If a different server with different contents for the file then goes through 
these steps, the "new" values will be overwritten again by the "old" values, 
but this is unavoidable and will stop once the file contents are the same.

Full documentation is coming but the new directive is:
  ModPagespeedFilesystemMetadataCache value
where value is either a memcached server on localhost, or the literal value 
'memcached' which will use the first memcached server in 
ModPagespeedMemcachedServers on localhost.

For example:
  ModPagespeedMemcachedServers memcachedserver1:6765,memcachedserver2:6765
  ModPagespeedFilesystemMetadataCache localhost:6765
or
  ModPagespeedMemcachedServers memcachedserver1:6765,localhost:6765
  ModPagespeedFilesystemMetadataCache memcached

This fix does NOT currently handle the case where your metadata cache is on a 
shared disk (NFS/NAS), but I believe there's no technical reason it won't work, 
it just hasn't been tested yet.

Original comment by matterb...@google.com on 25 Oct 2012 at 2:37

GoogleCodeExporter commented 9 years ago
Correction: the memcached value can only be used if ALL the servers in 
ModPagespeedMemcachedServers are on localhost.

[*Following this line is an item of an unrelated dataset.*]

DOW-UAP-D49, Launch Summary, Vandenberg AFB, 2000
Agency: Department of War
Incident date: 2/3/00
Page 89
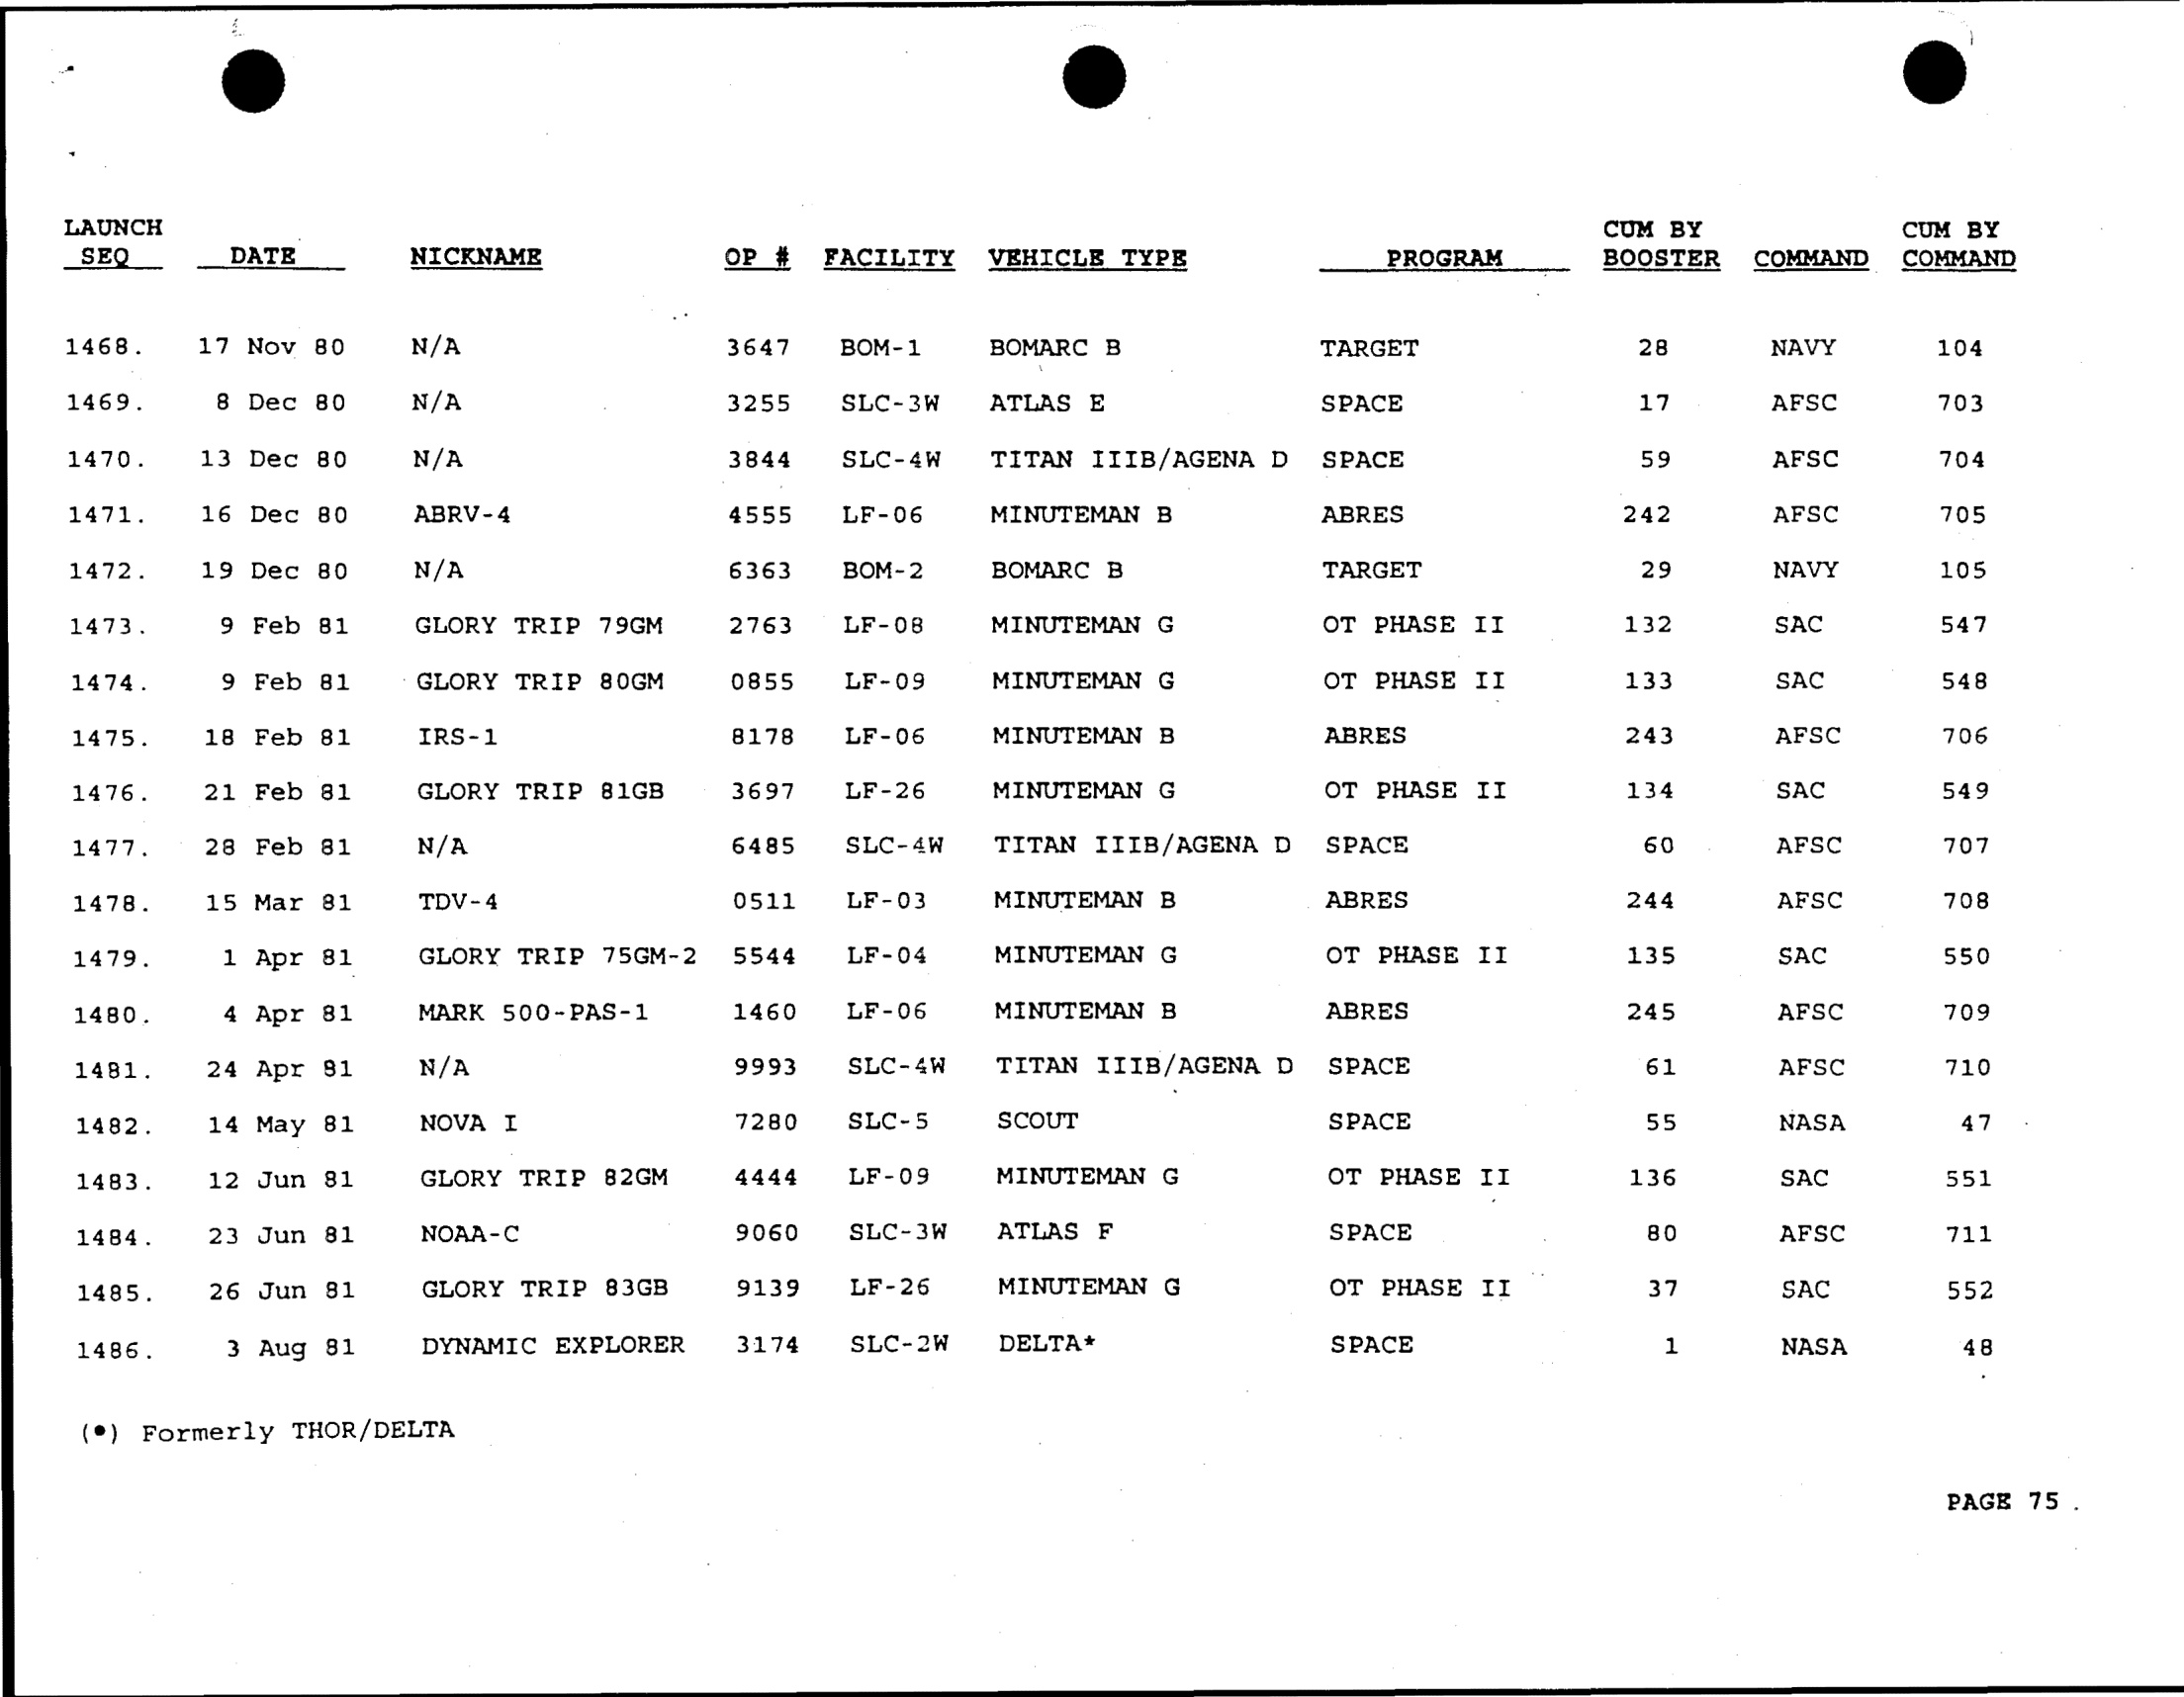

HOWEVER, DO NOT USE THIS VALUE (memcached) as it will removed shortly because 
it actually results in the original broken behavior (I think).

Original comment by matterb...@google.com on 25 Oct 2012 at 5:45

GoogleCodeExporter commented 9 years ago

Original comment by j...@google.com on 26 Oct 2012 at 3:02

GoogleCodeExporter commented 9 years ago
Yet another update, hopefully good news.

I recently submitted a mod to this change that removed the new directive and 
automatically configures the filesystem metadata cache if/as required.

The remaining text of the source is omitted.